• The task:
Copy out the data word for word. The images are not part of the copy.

• Exercise input:
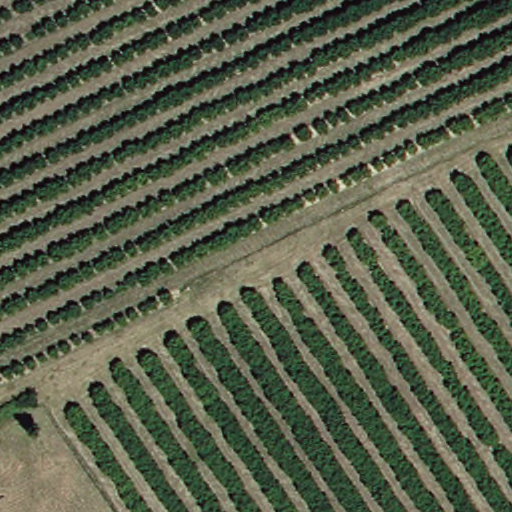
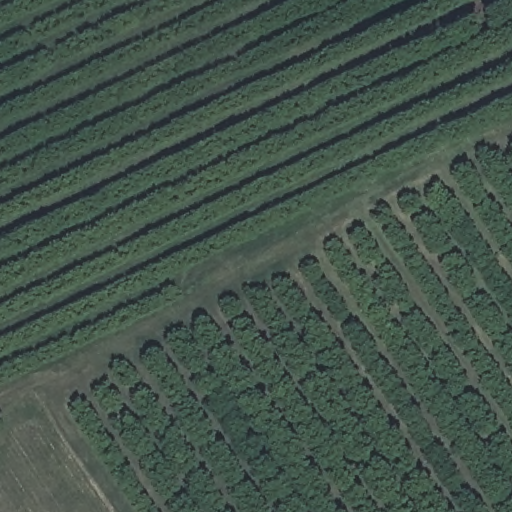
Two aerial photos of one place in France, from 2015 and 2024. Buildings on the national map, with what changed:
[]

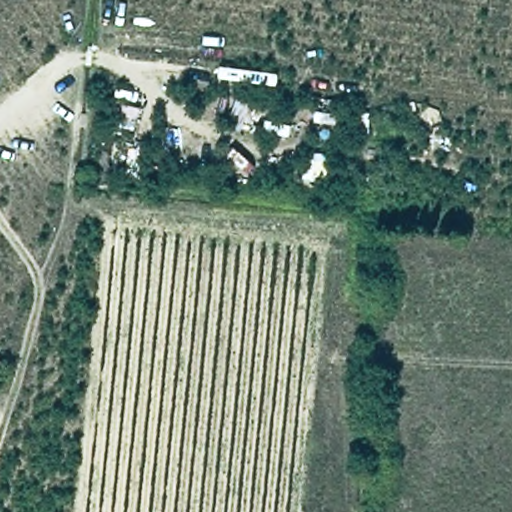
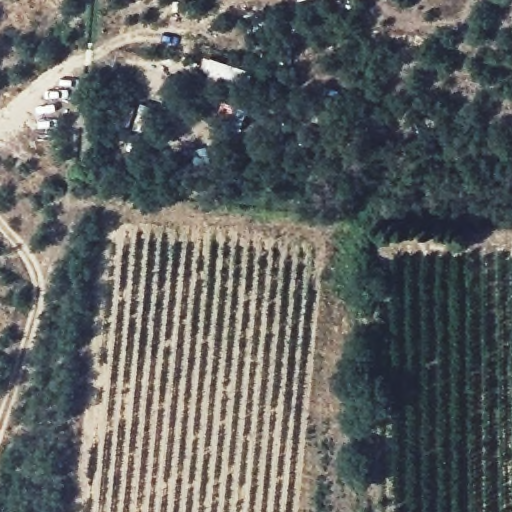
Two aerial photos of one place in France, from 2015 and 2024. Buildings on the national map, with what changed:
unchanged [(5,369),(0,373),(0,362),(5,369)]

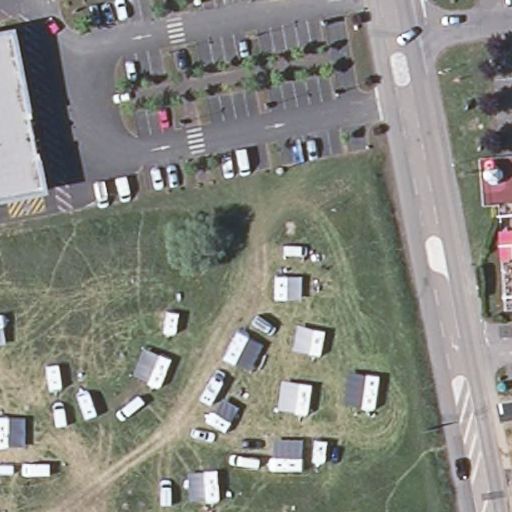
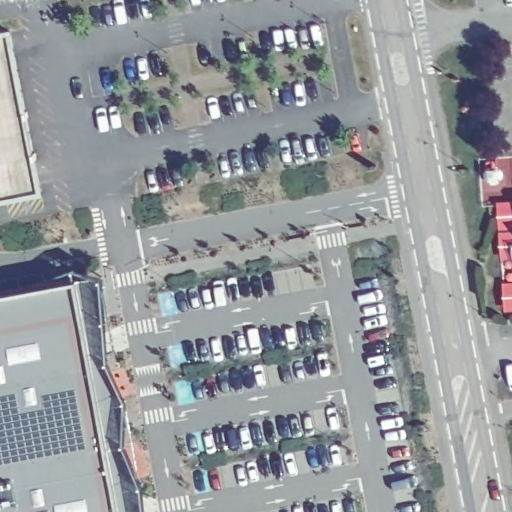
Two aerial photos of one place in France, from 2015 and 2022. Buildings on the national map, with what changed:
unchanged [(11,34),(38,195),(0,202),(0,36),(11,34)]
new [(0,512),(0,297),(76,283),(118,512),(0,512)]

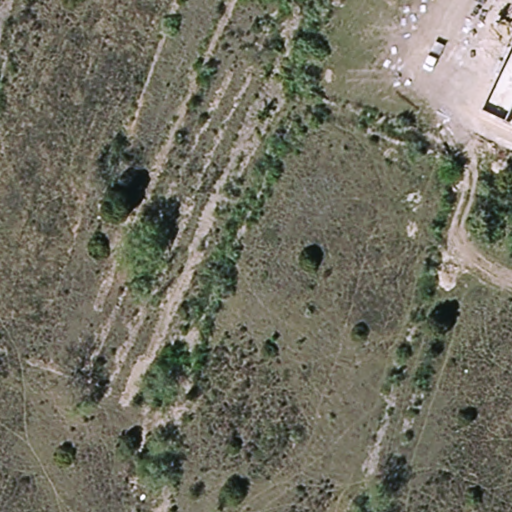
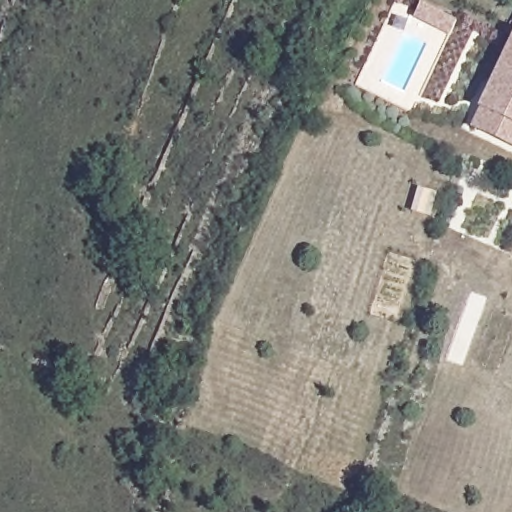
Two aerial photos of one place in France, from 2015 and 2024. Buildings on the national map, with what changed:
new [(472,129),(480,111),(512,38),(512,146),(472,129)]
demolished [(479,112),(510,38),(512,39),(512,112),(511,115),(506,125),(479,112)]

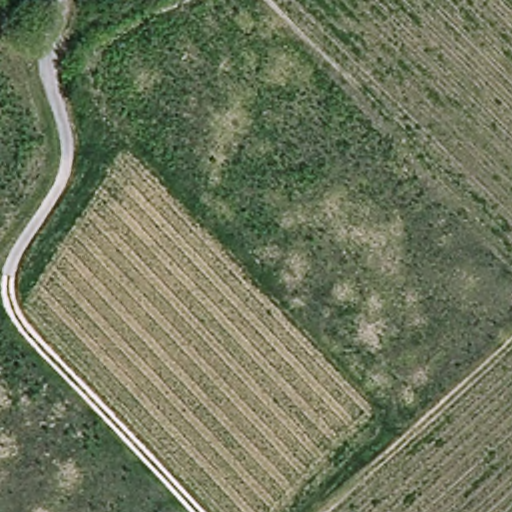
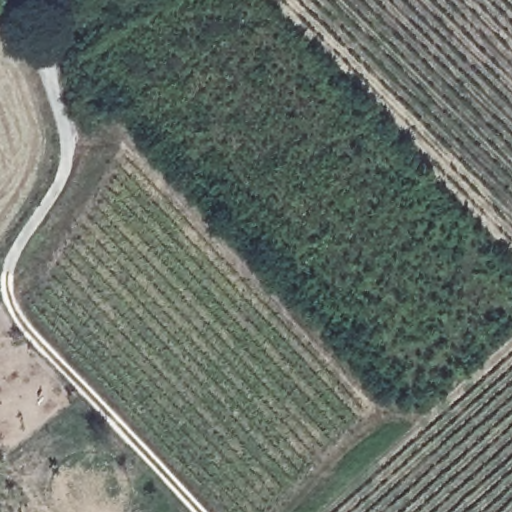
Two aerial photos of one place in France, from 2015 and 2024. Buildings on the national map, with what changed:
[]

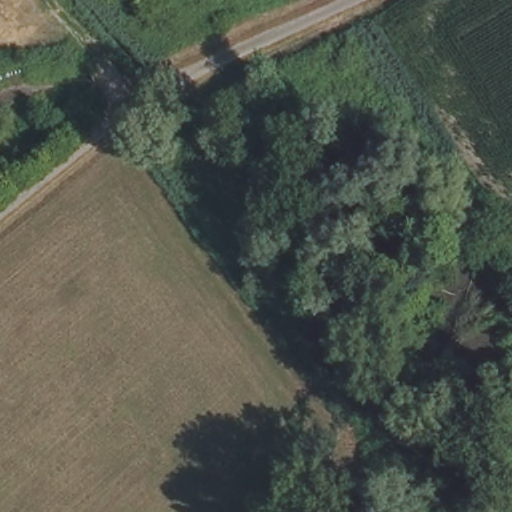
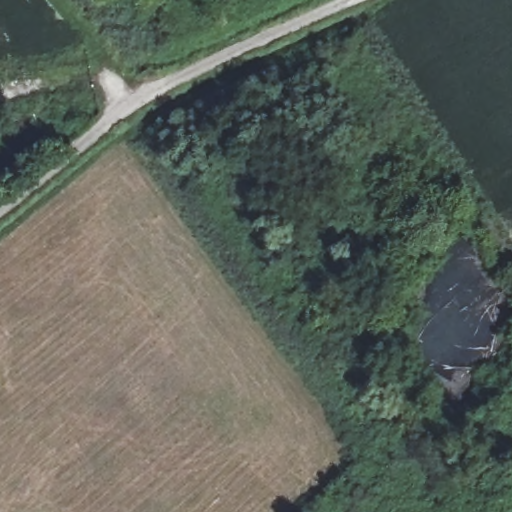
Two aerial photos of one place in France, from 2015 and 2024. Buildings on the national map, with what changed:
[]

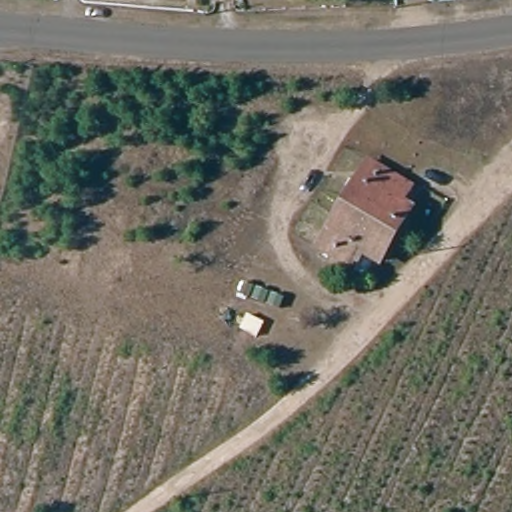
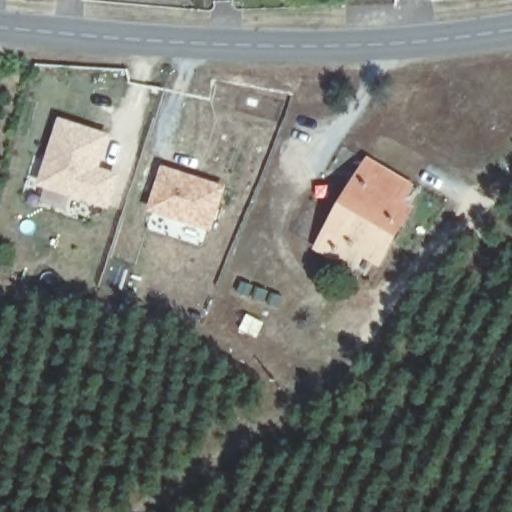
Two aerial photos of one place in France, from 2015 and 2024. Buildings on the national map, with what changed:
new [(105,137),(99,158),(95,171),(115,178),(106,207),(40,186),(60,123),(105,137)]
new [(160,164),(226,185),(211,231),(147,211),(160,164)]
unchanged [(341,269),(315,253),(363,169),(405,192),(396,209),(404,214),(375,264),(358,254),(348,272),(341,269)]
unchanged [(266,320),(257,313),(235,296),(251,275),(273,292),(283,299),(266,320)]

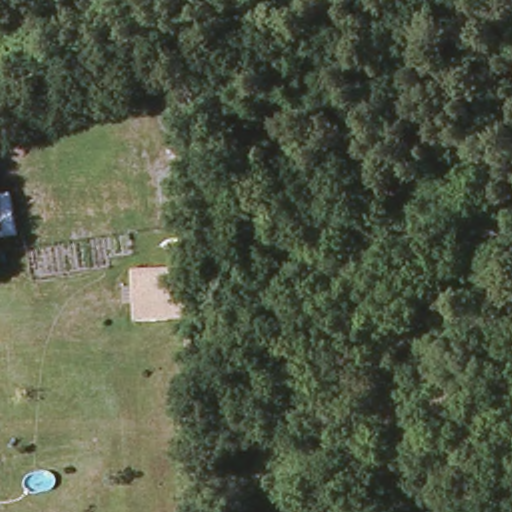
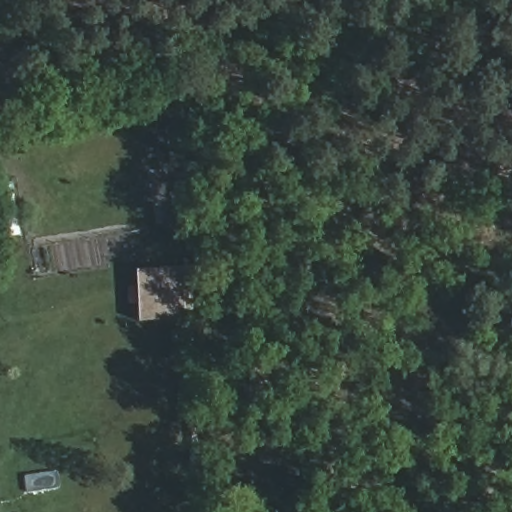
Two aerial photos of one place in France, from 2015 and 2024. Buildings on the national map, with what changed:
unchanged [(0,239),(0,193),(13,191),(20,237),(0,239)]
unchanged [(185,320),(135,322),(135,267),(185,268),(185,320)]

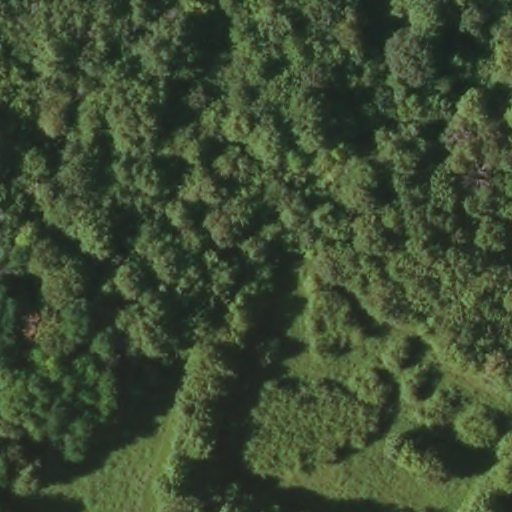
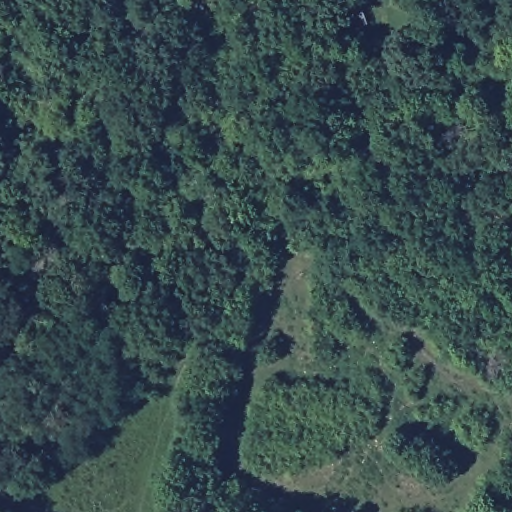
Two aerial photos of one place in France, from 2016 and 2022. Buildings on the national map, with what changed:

• Task response:
Two aerial photos of one place in France, from 2015 and 2024. Buildings on the national map, with what changed:
[]

Two aerial photos of one place in France, from 2015 and 2024. Buildings on the national map, with what changed:
unchanged [(5,369),(0,373),(0,362),(5,369)]

Two aerial photos of one place in France, from 2015 and 2022. Buildings on the national map, with what changed:
unchanged [(11,34),(38,195),(0,202),(0,36),(11,34)]
new [(0,512),(0,297),(76,283),(118,512),(0,512)]

Two aerial photos of one place in France, from 2015 and 2024. Buildings on the national map, with what changed:
new [(472,129),(480,111),(512,38),(512,146),(472,129)]
demolished [(479,112),(510,38),(512,39),(512,112),(511,115),(506,125),(479,112)]

Two aerial photos of one place in France, from 2015 and 2024. Buildings on the national map, with what changed:
[]

Two aerial photos of one place in France, from 2015 and 2024. Buildings on the national map, with what changed:
[]

Two aerial photos of one place in France, from 2015 and 2024. Buildings on the national map, with what changed:
new [(105,137),(99,158),(95,171),(115,178),(106,207),(40,186),(60,123),(105,137)]
new [(160,164),(226,185),(211,231),(147,211),(160,164)]
unchanged [(341,269),(315,253),(363,169),(405,192),(396,209),(404,214),(375,264),(358,254),(348,272),(341,269)]
unchanged [(266,320),(257,313),(235,296),(251,275),(273,292),(283,299),(266,320)]

Two aerial photos of one place in France, from 2015 and 2024. Buildings on the national map, with what changed:
unchanged [(0,239),(0,193),(13,191),(20,237),(0,239)]
unchanged [(185,320),(135,322),(135,267),(185,268),(185,320)]

Two aerial photos of one place in France, from 2016 and 2022. Buildings on the national map, with what changed:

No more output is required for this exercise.